Черпай не перечерпаешь, сколько раз они с Сашкой совершали побег из замка через подкопы, съезжали с башни (куда тоже добирались настырные туареги) на веревках, скрученных из савана мнимо скончавшегося то одного, то другого узника, обмирая, по-простому сигали в снег, пробирались в сельву сквозь пампасы, замерзали во льдах Аляски, тонули во Флоридских болотах и вновь оживали: замок Иф был связан и со Старым, и с Новым, и даже с тем светом. А уж когда аббат Фариа из гвоздей собственного ложа, битых черепков, лампады и золотых нитей, похищенных из аксельбантов хозяина тюрьмы, сумел изготовить радиопередатчик...

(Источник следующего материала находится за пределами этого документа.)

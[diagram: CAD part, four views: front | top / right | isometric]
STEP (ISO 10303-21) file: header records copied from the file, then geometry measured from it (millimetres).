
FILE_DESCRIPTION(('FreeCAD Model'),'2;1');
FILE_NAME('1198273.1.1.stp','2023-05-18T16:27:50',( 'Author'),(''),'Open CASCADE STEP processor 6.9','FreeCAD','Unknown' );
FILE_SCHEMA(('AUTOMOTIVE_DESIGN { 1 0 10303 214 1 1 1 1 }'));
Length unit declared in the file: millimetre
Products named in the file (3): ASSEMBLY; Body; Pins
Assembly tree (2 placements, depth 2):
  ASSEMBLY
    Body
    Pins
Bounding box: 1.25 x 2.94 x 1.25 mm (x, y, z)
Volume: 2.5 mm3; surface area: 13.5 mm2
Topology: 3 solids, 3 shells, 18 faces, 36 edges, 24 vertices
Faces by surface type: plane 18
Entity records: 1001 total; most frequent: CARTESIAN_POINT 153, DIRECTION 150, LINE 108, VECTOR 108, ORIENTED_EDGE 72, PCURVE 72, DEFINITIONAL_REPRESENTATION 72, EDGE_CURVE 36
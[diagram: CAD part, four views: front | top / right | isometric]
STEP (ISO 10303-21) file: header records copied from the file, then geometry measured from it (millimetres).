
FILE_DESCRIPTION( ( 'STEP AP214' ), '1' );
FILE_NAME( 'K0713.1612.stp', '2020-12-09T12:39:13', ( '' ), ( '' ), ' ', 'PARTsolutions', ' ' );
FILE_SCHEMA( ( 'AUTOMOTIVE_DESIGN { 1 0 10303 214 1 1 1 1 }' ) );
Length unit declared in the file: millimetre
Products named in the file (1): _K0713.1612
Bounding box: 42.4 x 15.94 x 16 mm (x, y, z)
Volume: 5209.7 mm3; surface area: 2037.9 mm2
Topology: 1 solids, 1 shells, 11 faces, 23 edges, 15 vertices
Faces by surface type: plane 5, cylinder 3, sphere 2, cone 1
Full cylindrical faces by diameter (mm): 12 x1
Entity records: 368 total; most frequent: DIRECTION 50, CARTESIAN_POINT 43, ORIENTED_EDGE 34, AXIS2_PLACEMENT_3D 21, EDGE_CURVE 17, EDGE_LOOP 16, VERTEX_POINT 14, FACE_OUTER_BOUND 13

Замок Иф теперь лучше и не ворошить, проглоченный вместе с восстановленной для этой цели каменной юртой – рестораном "Трактиръ", русская кухня эксклюзив. А вот кружок радиолюбителей так и остался вечно... Нет, он тоже был проглочен вместе с волшебным запахом плавящейся канифоли, с азартно раскуроченными шефскими приборами по стенам, с хвостатыми разноцветными цистерночками сопротивлений и леденцами конденсаторов, с лысыми лампочками и набриолиненными катушками, с "папами" и "мамами", как игриво, в отсутствие девочек и взрослых, именовались разъемы ("папы" вставлялись в "мам"), и даже с небольшим ладным физиком, уходившим домой (да и то не наверняка) только ночевать – ибо в новой школе и физик перестал поминутно вспыхивать своей треугольной улыбкой. Витя не зря проходил мимо новой строящейся школы с таким душевным спазмом, будто это была предназначенная ему тюрьма (уже влитые в серый фасад грязно-белые профили глядящих исключительно друг в друга Маяковского, Горького, кажется, и Пушкина тоже были чудовищно увеличенными медалями неумолимых диктаторов).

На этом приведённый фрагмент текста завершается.